Task brief =>
Report back each line of the data that contains the word "points".

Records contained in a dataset

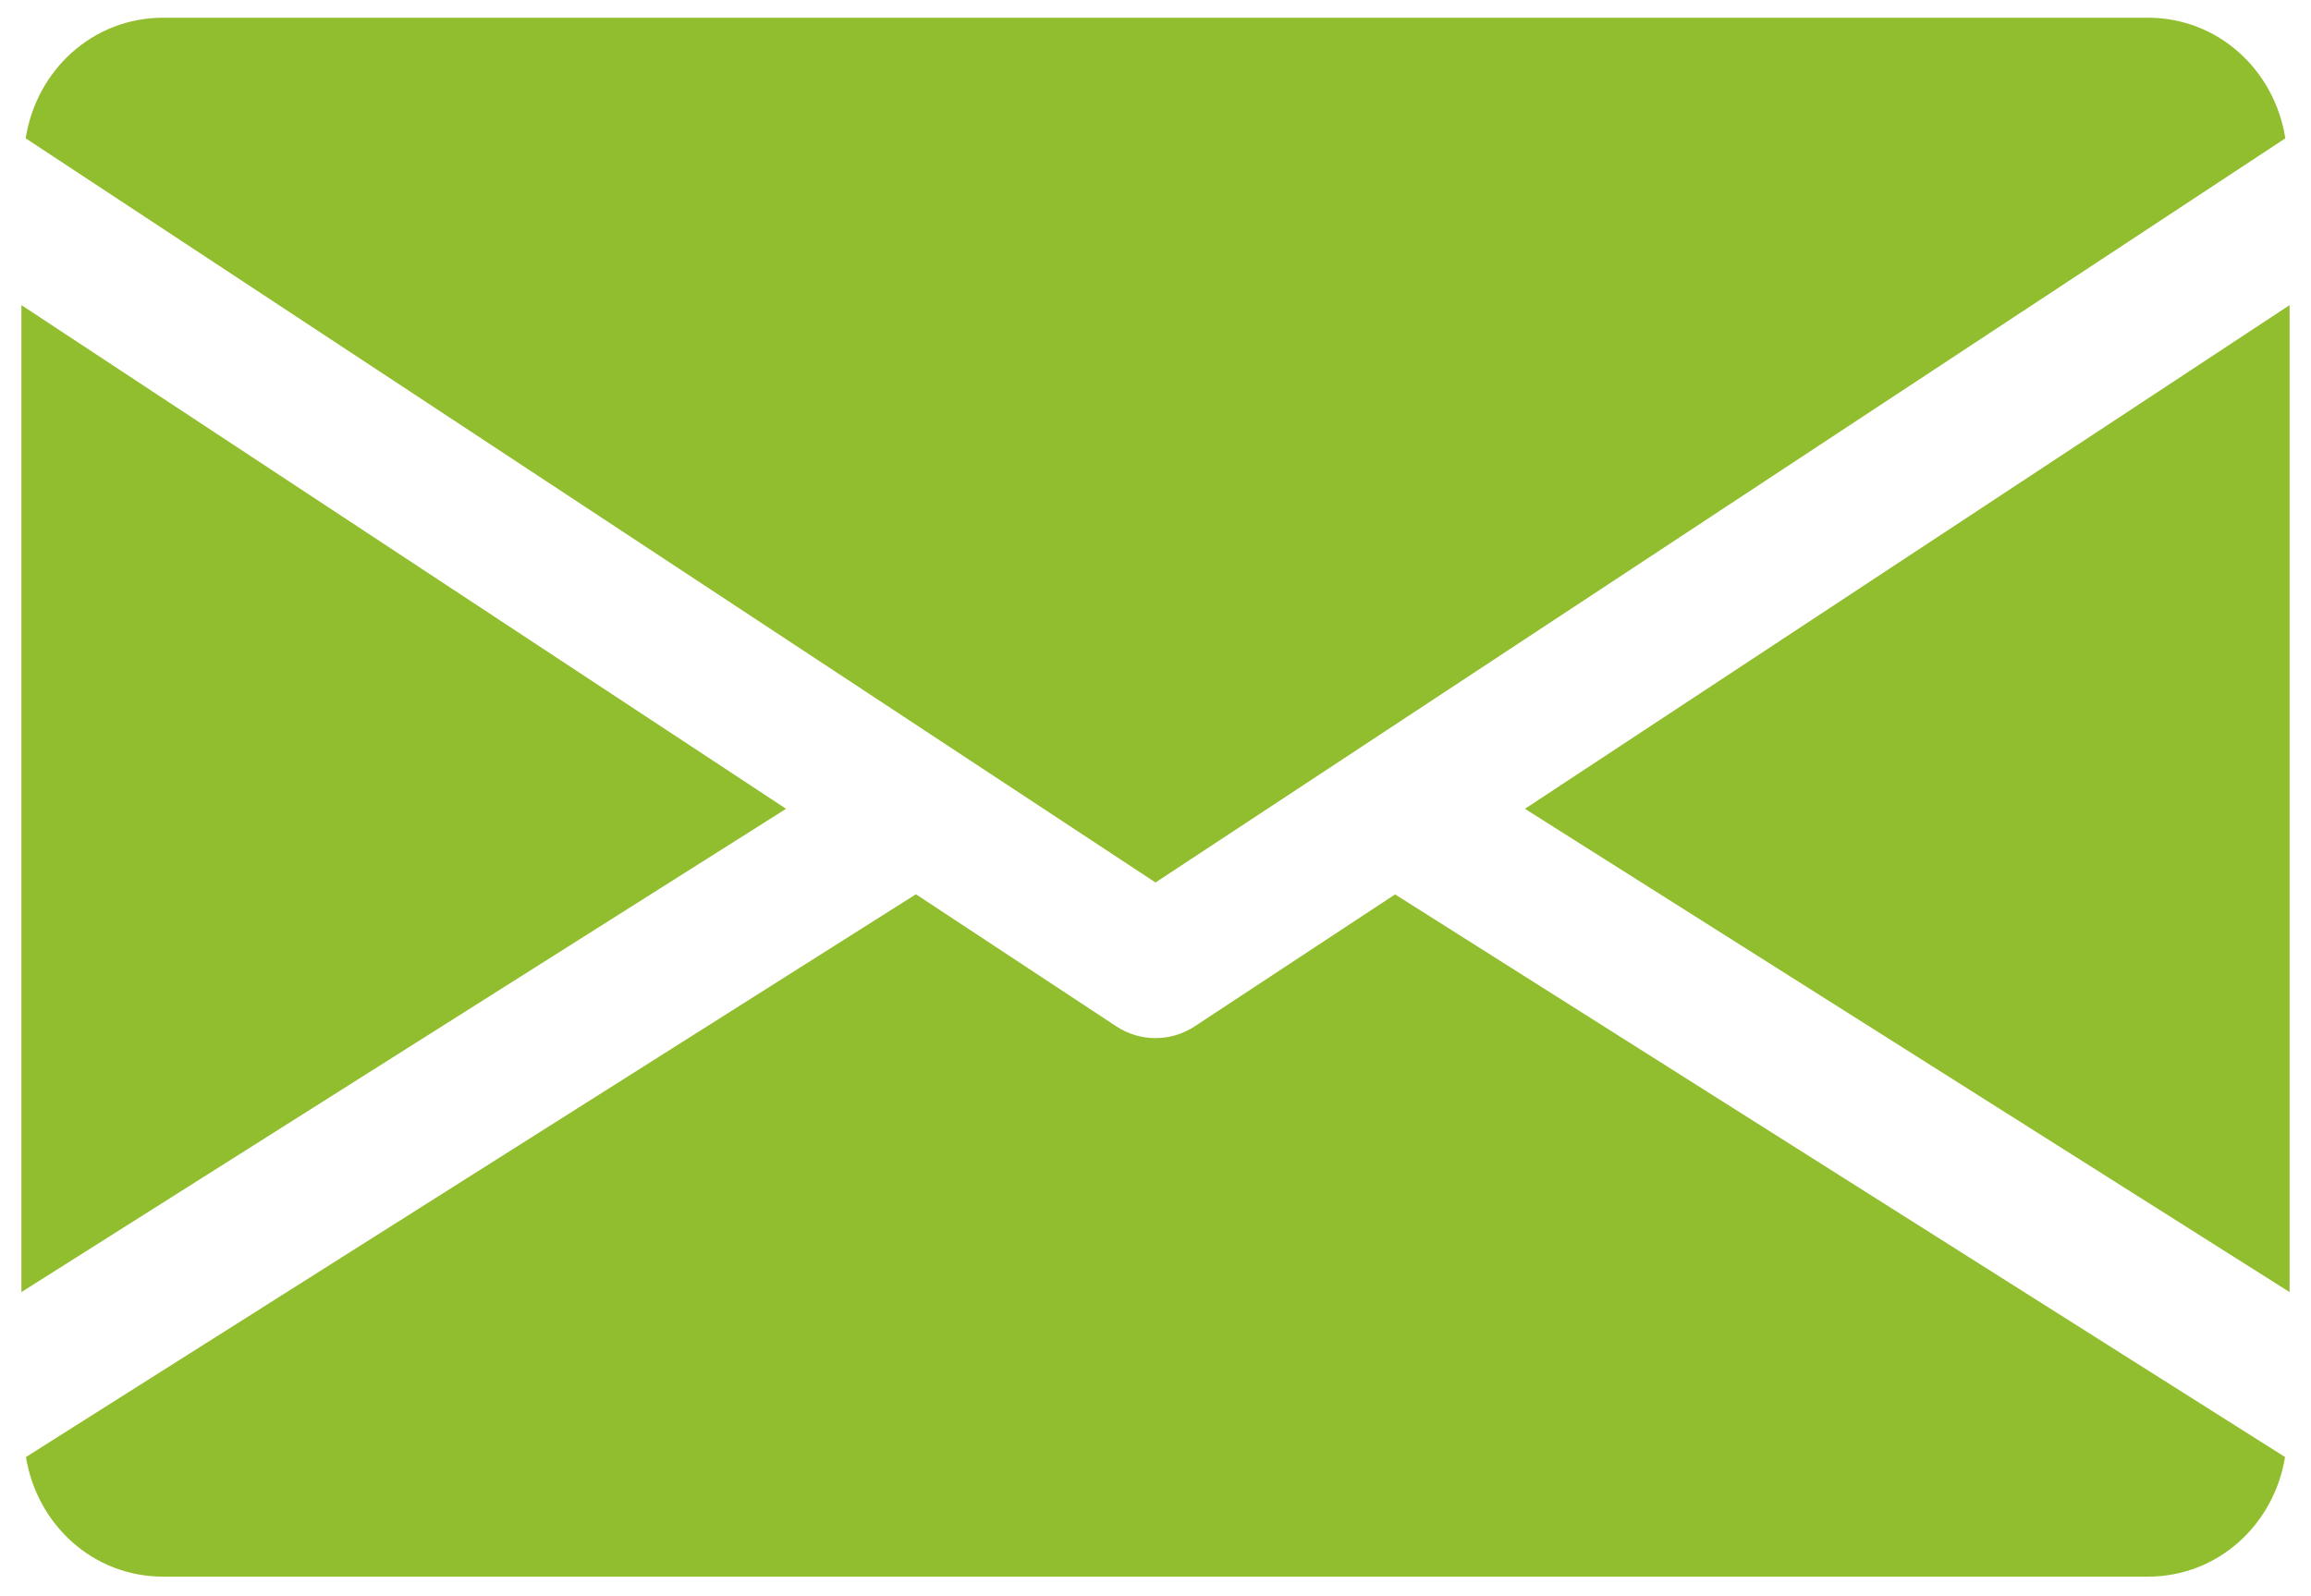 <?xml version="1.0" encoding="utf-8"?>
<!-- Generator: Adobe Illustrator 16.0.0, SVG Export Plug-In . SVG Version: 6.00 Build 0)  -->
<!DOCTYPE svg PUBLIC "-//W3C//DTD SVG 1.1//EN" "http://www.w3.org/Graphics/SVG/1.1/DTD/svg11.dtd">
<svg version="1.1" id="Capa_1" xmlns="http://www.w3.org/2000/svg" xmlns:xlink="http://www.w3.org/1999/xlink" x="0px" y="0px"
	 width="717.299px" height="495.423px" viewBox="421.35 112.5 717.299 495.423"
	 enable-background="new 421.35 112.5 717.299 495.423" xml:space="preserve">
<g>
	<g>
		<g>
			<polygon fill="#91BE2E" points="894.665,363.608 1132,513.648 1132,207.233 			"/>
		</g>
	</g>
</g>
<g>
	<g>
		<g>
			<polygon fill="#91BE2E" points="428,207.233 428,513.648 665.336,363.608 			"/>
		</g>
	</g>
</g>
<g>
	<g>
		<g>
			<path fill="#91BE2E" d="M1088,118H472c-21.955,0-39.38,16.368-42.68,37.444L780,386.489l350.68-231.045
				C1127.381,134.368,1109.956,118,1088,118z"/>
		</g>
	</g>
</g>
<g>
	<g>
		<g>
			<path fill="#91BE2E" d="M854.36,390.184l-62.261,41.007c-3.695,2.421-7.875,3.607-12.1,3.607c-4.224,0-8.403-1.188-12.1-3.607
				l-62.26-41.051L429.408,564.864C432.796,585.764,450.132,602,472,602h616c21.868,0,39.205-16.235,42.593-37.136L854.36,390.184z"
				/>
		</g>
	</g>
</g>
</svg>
---
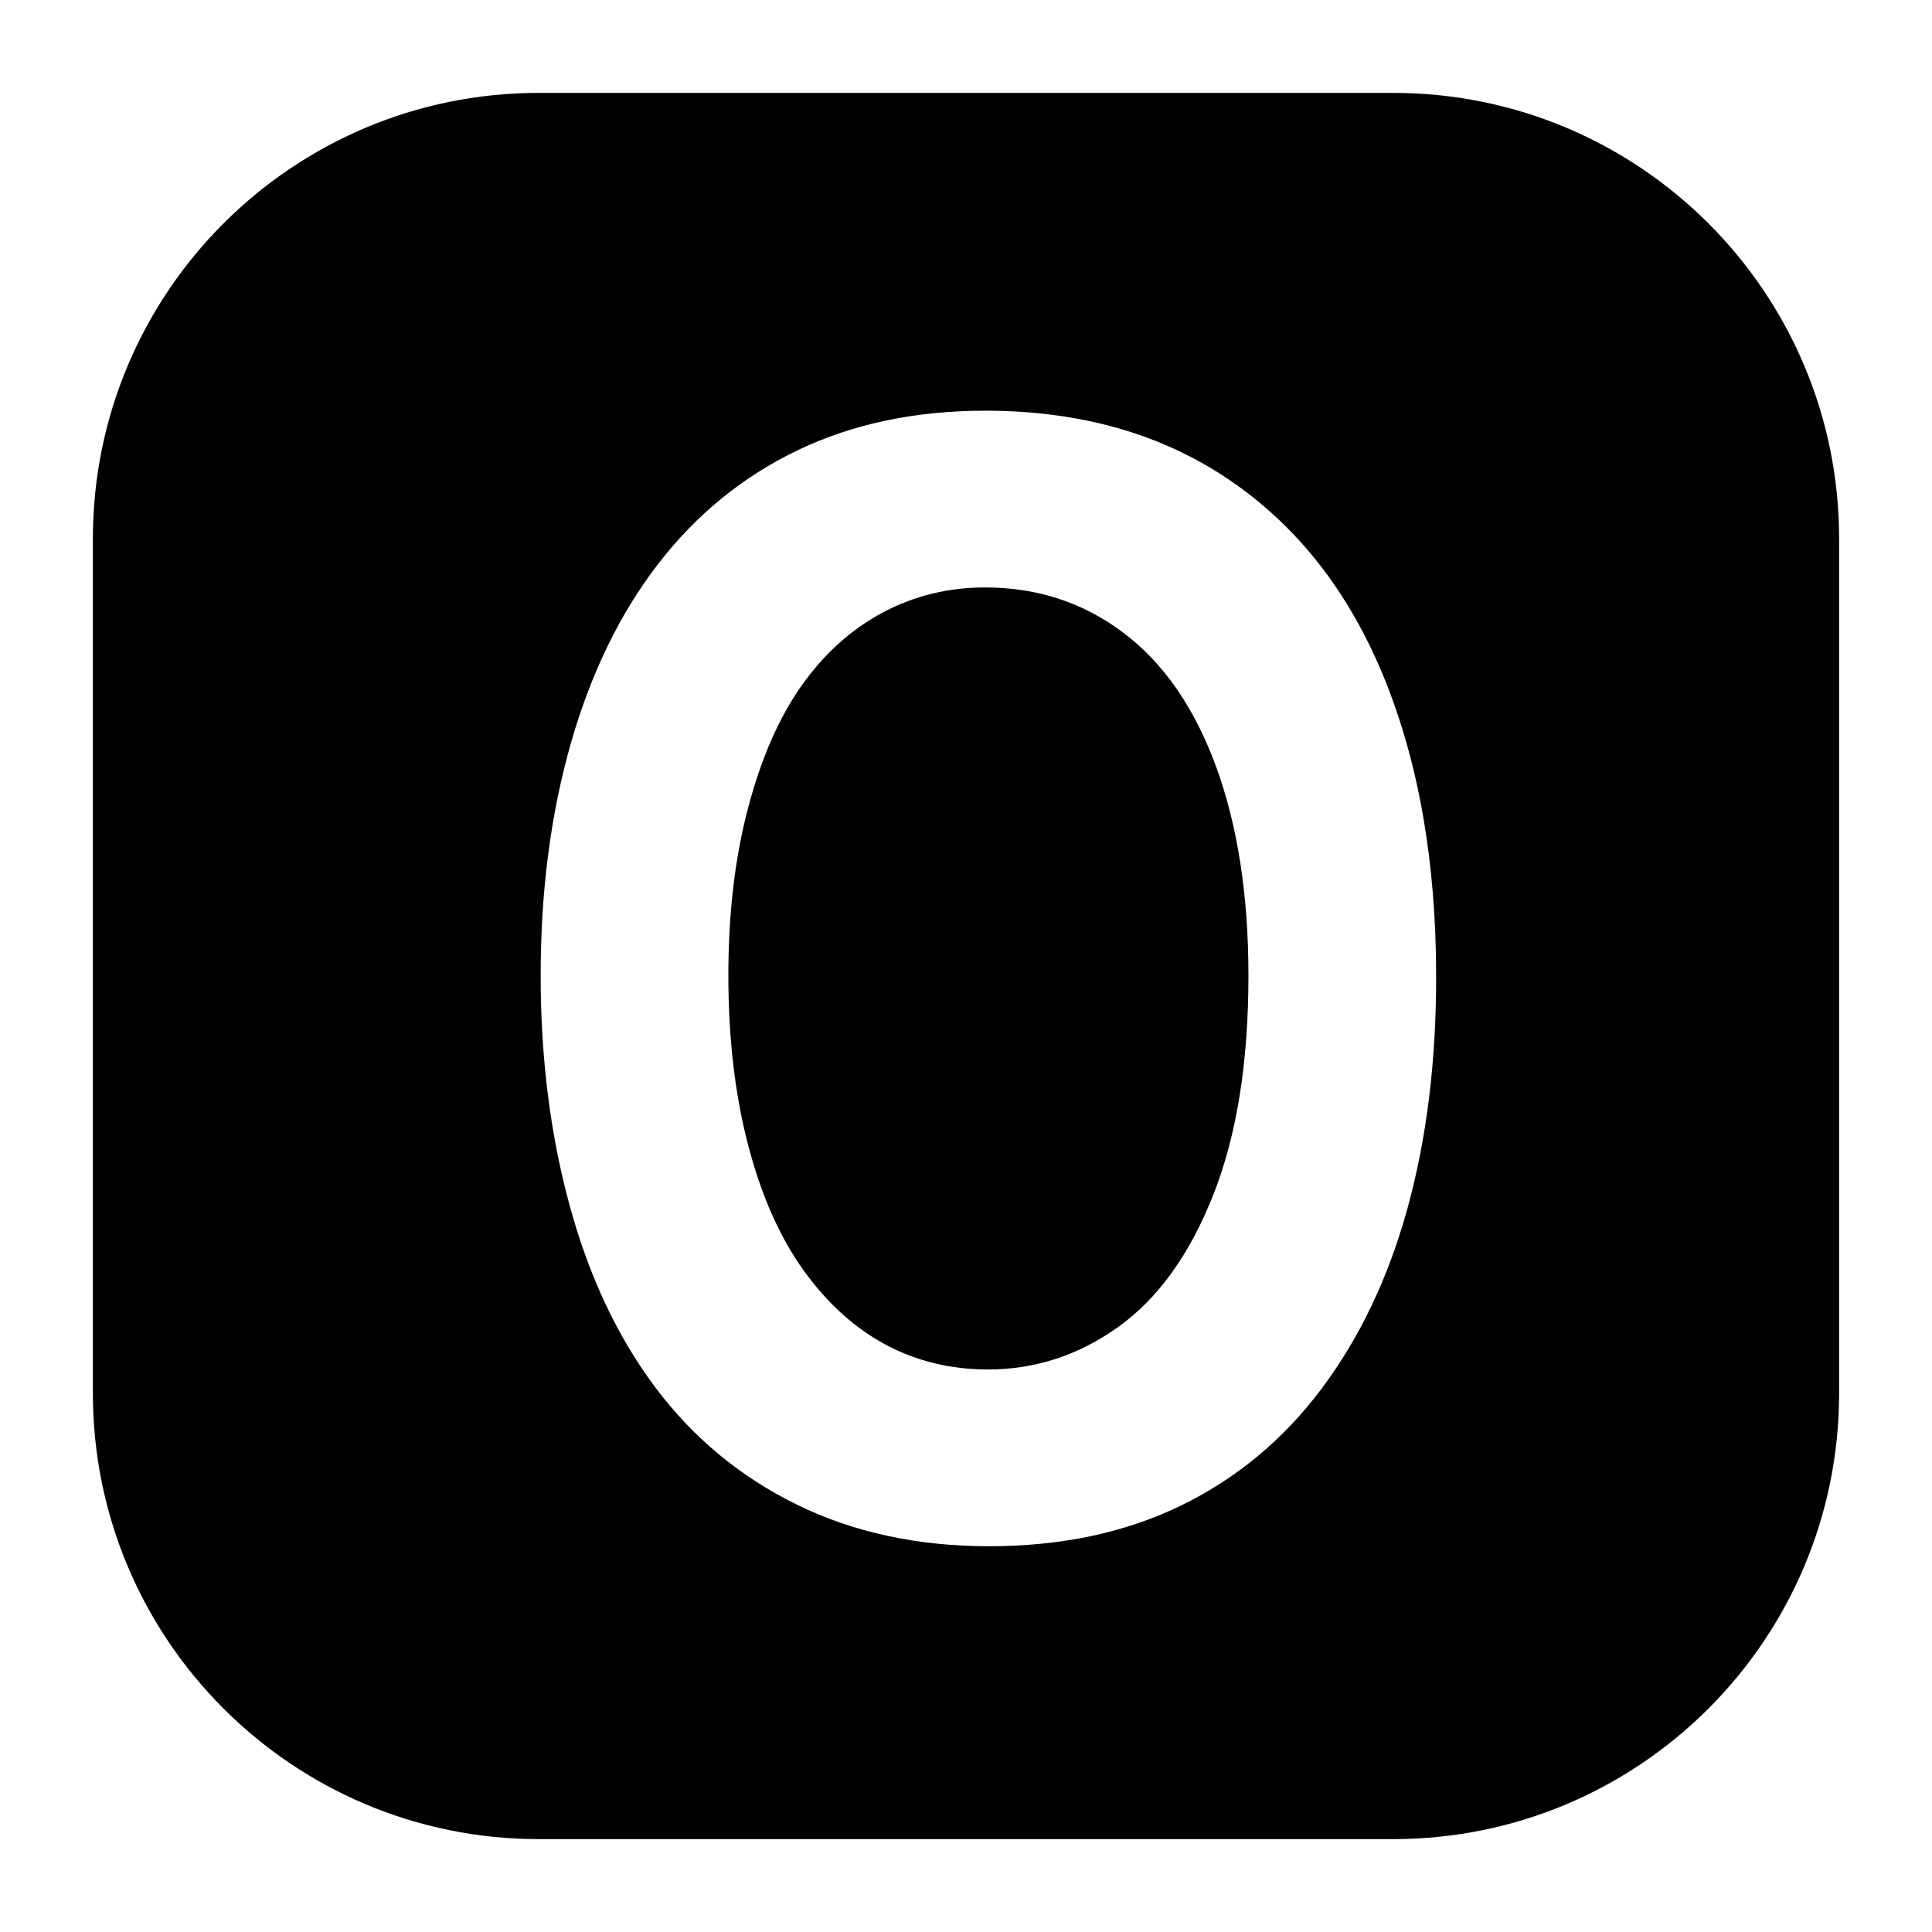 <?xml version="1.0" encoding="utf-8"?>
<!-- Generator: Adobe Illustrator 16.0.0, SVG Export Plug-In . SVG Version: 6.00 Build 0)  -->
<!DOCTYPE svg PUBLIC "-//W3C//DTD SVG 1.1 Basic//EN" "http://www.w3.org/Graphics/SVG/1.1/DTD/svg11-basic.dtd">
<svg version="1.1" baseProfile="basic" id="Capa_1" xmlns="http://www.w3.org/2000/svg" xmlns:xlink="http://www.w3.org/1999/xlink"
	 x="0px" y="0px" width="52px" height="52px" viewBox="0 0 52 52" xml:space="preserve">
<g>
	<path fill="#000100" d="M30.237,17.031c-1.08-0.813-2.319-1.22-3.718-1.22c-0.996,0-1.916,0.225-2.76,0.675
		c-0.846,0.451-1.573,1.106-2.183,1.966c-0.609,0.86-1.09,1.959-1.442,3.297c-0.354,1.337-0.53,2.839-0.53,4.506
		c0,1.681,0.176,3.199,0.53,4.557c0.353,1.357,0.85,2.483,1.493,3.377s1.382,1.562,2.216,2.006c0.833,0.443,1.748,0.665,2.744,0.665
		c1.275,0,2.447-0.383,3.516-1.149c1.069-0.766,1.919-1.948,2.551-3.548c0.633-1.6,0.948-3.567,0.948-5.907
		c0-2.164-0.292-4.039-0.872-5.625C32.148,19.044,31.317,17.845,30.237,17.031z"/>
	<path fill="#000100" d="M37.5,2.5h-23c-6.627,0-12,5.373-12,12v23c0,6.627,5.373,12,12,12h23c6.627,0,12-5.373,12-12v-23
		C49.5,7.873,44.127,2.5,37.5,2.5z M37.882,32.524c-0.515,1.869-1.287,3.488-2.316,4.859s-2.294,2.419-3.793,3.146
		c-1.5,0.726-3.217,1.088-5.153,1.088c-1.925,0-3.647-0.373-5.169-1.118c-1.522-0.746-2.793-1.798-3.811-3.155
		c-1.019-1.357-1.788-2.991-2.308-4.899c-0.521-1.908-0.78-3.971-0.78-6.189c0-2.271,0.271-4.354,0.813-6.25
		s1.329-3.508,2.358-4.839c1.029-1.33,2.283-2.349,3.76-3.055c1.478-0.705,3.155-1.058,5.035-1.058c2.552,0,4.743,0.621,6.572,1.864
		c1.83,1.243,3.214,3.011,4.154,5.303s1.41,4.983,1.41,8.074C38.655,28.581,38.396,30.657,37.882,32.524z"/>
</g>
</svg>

Output of the exercise =>
			<polygon fill="#91BE2E" points="894.665,363.608 1132,513.648 1132,207.233 			"/>
			<polygon fill="#91BE2E" points="428,207.233 428,513.648 665.336,363.608 			"/>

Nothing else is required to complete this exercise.